There’s some funkiness in how the histogram bins have been calculated so I went into the net and figured out I had to set the boundary at 0 and then make the bins be closed on the rightside.

```
Allp %>%
Filter(! Is.na(area)) %>%
filter(operator !) = "greaterthan") %p%
ggplot(aes(x = pvalue, y = area,fill=operator)) +
geom_density_ridges(stat = "binline",
bins=50,alpha=0.25,
boundary=0,closed="right") +
xlim(c(0,0.25)) +
theme_ridges(grid = FALSE)
```

`## Warning: Removed 332965 rows comprising non-finite values (stat_binline). `

We make sure by making use of the expand argument, that there is not wasted space on the y-axis.

```
Allp %>%
Filter(! Is.na(area)) %>%
filter(operator !) = "greaterthan") %>%
ggplot(aes(x = pvalue, y = area,fill=operator)) +
geom_density_ridges(stat = "binline",
bins=50,alpha=0.25,
boundary=0,closed="right") +
xlim(c(0,0.25)) +
theme_ridges(grid = FALSE) +
scale_y_discrete(expand=c(0,0))
```

`## Warning: Removed 332965 rows comprising non-finite values (stat_binline). `

Remove the baseline out of the storyline for ggridges coolness that is authentic

```
Allp %>%
Filter(! Is.na(area)) %>%
filter(operator !) = "greaterthan") %>%
ggplot(aes(x = pvalue, y = area,fill=operator)) +
geom_density_ridges(stat = "binline",
bins=50,alpha=0.25,
boundary=0,closed="right",
draw_baseline=FALSE) +
xlim(c(0,0.25)) +
theme_ridges(grid = FALSE) +
scale_y_discrete(expand=c(0,0))
```

`## Warning: Removed 332965 rows comprising non-finite values (stat_binline). `

That is definitely not a perfect plot, but it worked for the talk and was at least able to convey a couple of the major things (about variation by discipline, variant by operator, and spikes at critical values).

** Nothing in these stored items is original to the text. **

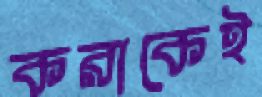
করাকেই
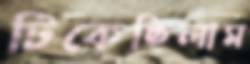
টিকেছিলাম
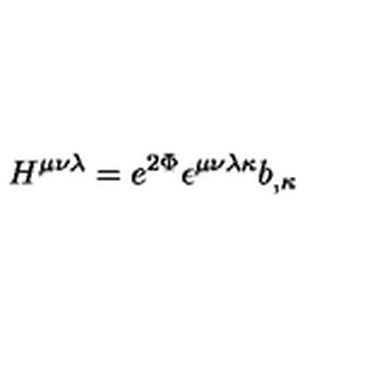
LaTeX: H ^ { \mu \nu \lambda } = e ^ { 2 \Phi } \epsilon ^ { \mu \nu \lambda \kappa } b _ { , \kappa }
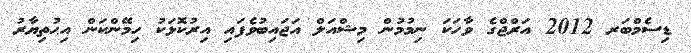
ޑިސެމްބަރ 2012 އަރްޖްގެ ވާހަކަ ނިމުމުން މިޝްއަލް އަޖައިބުވެފައި އިރުކޮޅަކު ހިމޭންކަން އިޙުތިޔާރު
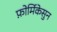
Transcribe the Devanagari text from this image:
फ़ोर्मिकेसुन
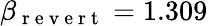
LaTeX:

If I had been moving beyond the conversation I boost the dimensions of the storyline or decrease the amount of subjects displayed. I make the bin width smaller and I’d add a name. I would also probably tidy up the “greaterthan” and also “lessthan” to be “Greater than” and “Less than”.

Regardless, I’m constantly surprised just how much work it takes to go from an exploratory plot I am only looking at myself into a I’d reveal to other people.

**Please comment on the content here:**

The post Making an expository chart for a talk appeared first on All About Statistics.